En consecuencia, la guerra económica que libra EE.UU. ha superado ampliamente a China. Trump emite dictados contra amigos y enemigos por igual: la Unión Europea, Japón, el Reino Unido, Corea del Sur, y en efecto contra todo el mundo.
El ataque no se dirige solo contra los déficits comerciales, sino contra todas las políticas internas consideradas contrarias a los intereses de las corporaciones estadounidenses, como impuestos, regulaciones, medidas de bioseguridad y servicios sociales, como los planes farmacéuticos con subsidios estatales.
Y se está extendiendo al terreno político. El anuncio de Trump de un arancel del 50 por ciento contra Brasil—uno de los pocos países con los que EE.UU. tiene un superávit comercial—debido a procesos judiciales contra el ex presidente fascista Jair Bolsonaro lo deja claro.
Una característica clave de todos los llamados acuerdos comerciales—que en realidad son dictados, ya que Trump estipula que lo expresado en su carta es lo que constituye el acuerdo—es que los países que buscan firmar uno deben alinearse con los intereses de “seguridad nacional” de EE.UU. Estos intereses no se limitan a la supresión de China, por importante que sea, sino que expresan la exigencia del dominio estadounidense en todas las regiones del planeta.
Actualmente, Europa y Japón, junto con muchos otros países, intentan—al menos públicamente—acomodarse a los dictados de EE.UU., esperando obtener algunas concesiones.
Pero en los consejos e instituciones de todos los Estados capitalistas—no solo en China—se reconoce que no hay una probabilidad real de lograrlo, y que las ofensivas de EE.UU. los tienen por objetivo.
Está empezando a surgir otra respuesta basada en la conciencia de que, en algún momento, se verán obligados a confrontar a Estados Unidos si desean evitar su transformación en semicolonias.
Esta perspectiva se refleja en las recientes declaraciones de la presidenta del Banco Central Europeo, Christine Lagarde, quien afirmó que ha llegado la hora del euro, que debe desempeñar un papel global más importante. También se expresa en la resistencia de Japón y su insistencia en que no puede permitir el sacrificio de los arroceros a cambio de concesiones en la industria automotriz.
Otros países menos poderosos están alineándose con el grupo BRICS—originalmente formado por Brasil, Rusia, India, China y Sudáfrica, y que ahora cuenta con 11 miembros—el cual intenta liberarse de la dependencia del dólar en el comercio internacional, lo que ha provocado más amenazas de Trump, quien afirmó que perder la supremacía del dólar sería equivalente a perder una guerra.
Nadie posee una bola de cristal capaz de predecir cuándo y bajo qué circunstancias estallará un conflicto militar.

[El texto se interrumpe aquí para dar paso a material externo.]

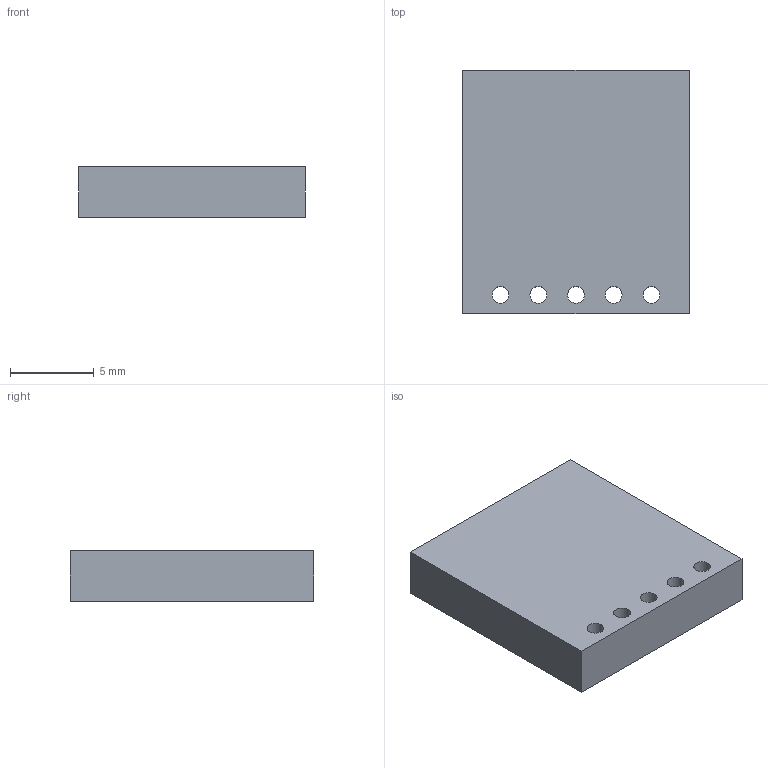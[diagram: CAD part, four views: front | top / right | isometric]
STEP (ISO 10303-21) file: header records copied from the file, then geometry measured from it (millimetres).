
FILE_DESCRIPTION(('FreeCAD Model'),'2;1');
FILE_NAME('Open CASCADE Shape Model','2025-04-14T09:58:52',(''),(''), 'Open CASCADE STEP processor 7.8','FreeCAD','Unknown');
FILE_SCHEMA(('AUTOMOTIVE_DESIGN { 1 0 10303 214 1 1 1 1 }'));
Length unit declared in the file: millimetre
Products named in the file (1): HW-246
Bounding box: 13.5 x 14.5 x 3 mm (x, y, z)
Volume: 575.5 mm3; surface area: 598.8 mm2
Topology: 1 solids, 1 shells, 11 faces, 27 edges, 18 vertices
Faces by surface type: plane 6, cylinder 5
Full cylindrical faces by diameter (mm): 1 x5
Entity records: 373 total; most frequent: DIRECTION 61, CARTESIAN_POINT 57, ORIENTED_EDGE 54, EDGE_CURVE 27, AXIS2_PLACEMENT_3D 22, FACE_BOUND 21, EDGE_LOOP 21, VERTEX_POINT 18
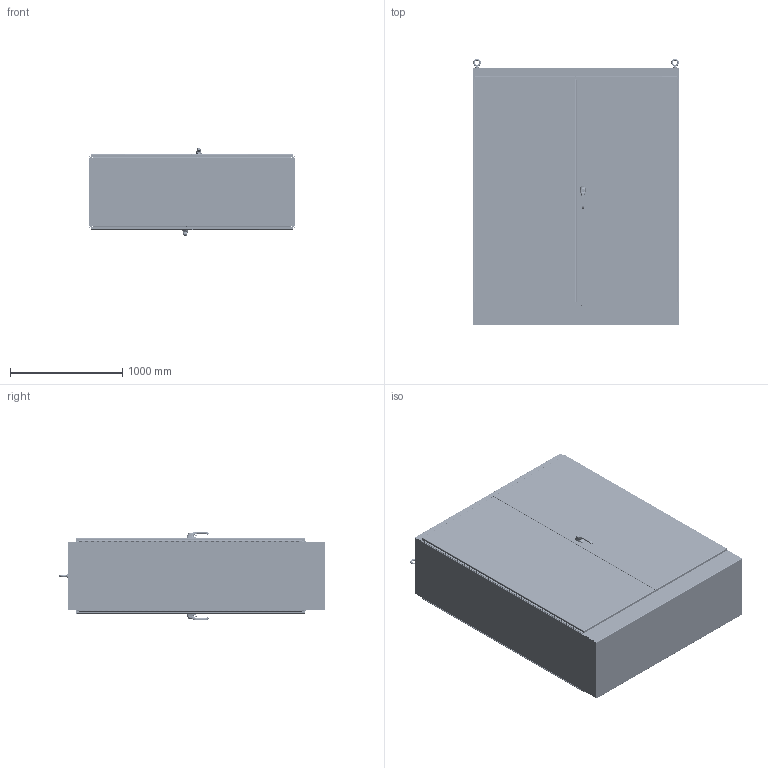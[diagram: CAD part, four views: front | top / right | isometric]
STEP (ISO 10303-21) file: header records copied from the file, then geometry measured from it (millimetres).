
FILE_DESCRIPTION(/* description */ ('UNISTRUT,PS,1"X1-5/8"X23-3/4"'),/* implementation_level */ '2;1');
FILE_NAME(/* name */ 'WA907224FSDAD.stp',/* time_stamp */ '2015-07-27T08:20:48+06:00',/* author */ ('vdas'),/* organization */ (''),/* preprocessor_version */ 'ST-DEVELOPER v15.2',/* originating_system */ 'Autodesk Inventor 2014',/* authorisation */ '');
FILE_SCHEMA (('AUTOMOTIVE_DESIGN { 1 0 10303 214 3 1 1 }'));
Products named in the file (44): FUN00103; HFW3025; 316298; 349132; HFW328186T; HFW328186L; HFW328186P; HFW328186; HFW328186_1; WA7224FSDADBTM-10GA; WA7224FSDADTOP-10GA; WA9024FSDADLRS; 3063; N1290STRIPGSKT; WA9072FSDADFIP; 38846; HFW3524; 35211; WA9072FSDADLDR; WA9072FSDADSDR; 1091-903_AF0_1; 1091-903_AF0_2; 1091-903_AF0; PLASTIC-ROLLER-CAM_AF1; 7379-M6-8X25_AF0; LOCK-NUT_AF0; PLASTIC-ROLLER-CAM_AF0_ASM; SUPPORT-ROLL_AF0; 1091-BR11_AF0; HFW31712; 37031; 3021WIE; HFW3762; 31215; 3862; LARGE_DOOR_ROD_ASSM-37031; HFW3121; HFW31233; HFW3681; CHUTE_BOLT_GUIDE_ASSM ...
Bounding box: 1832.06 x 2368.44 x 784.13 mm (x, y, z)
Volume: 51838180.2 mm3; surface area: 33129556.7 mm2
Topology: 110 solids, 3072 shells, 7168 faces, 24594 edges, 20416 vertices
Faces by surface type: plane 3386, cylinder 2398, torus 510, bspline 492, cone 200, sphere 182
Full cylindrical faces by diameter (mm): 3.048 x4, 3.607 x4, 3.9 x2, 4.2 x4, 4.5 x4, 5 x6, 5.08 x8, 5.69 x8, 6 x2, 6.128 x4, 6.172 x4, 6.337 x12, 6.35 x24, 6.41 x4, 7.023 x32, 7.112 x6, 7.144 x4, 7.938 x4, 8 x2, 8.2 x2, 8.56 x8, 9.525 x36, 10.16 x8, 12.7 x4, 13 x2, 13.2 x2, 14.287 x4, 15 x2, 16.307 x2, 19 x2
Entity records: 161218 total; most frequent: CARTESIAN_POINT 71353, DIRECTION 16971, ORIENTED_EDGE 13091, EDGE_CURVE 9870, VERTEX_POINT 8745, AXIS2_PLACEMENT_3D 5961, LINE 5049, VECTOR 5049

Pero la lógica objetiva de los acontecimientos es inconfundible. El conflicto económico va acompañado del aumento del gasto militar más alto desde la Segunda Guerra Mundial. En el caso de Alemania, que libró dos guerras contra EE.UU. en el siglo XX, el gasto ha alcanzado niveles que no se veían desde el rearme bajo Hitler.
Cualquiera que piense que Japón y los poderes imperialistas europeos simplemente se desvanecerán pacíficamente o que EE.UU. abandonará su impulso por la dominación mundial está apostando contra la historia.
Han ido a la guerra en el pasado, y todas las contradicciones del sistema capitalista global que originaron esos conflictos no solo persisten, sino que se han intensificado.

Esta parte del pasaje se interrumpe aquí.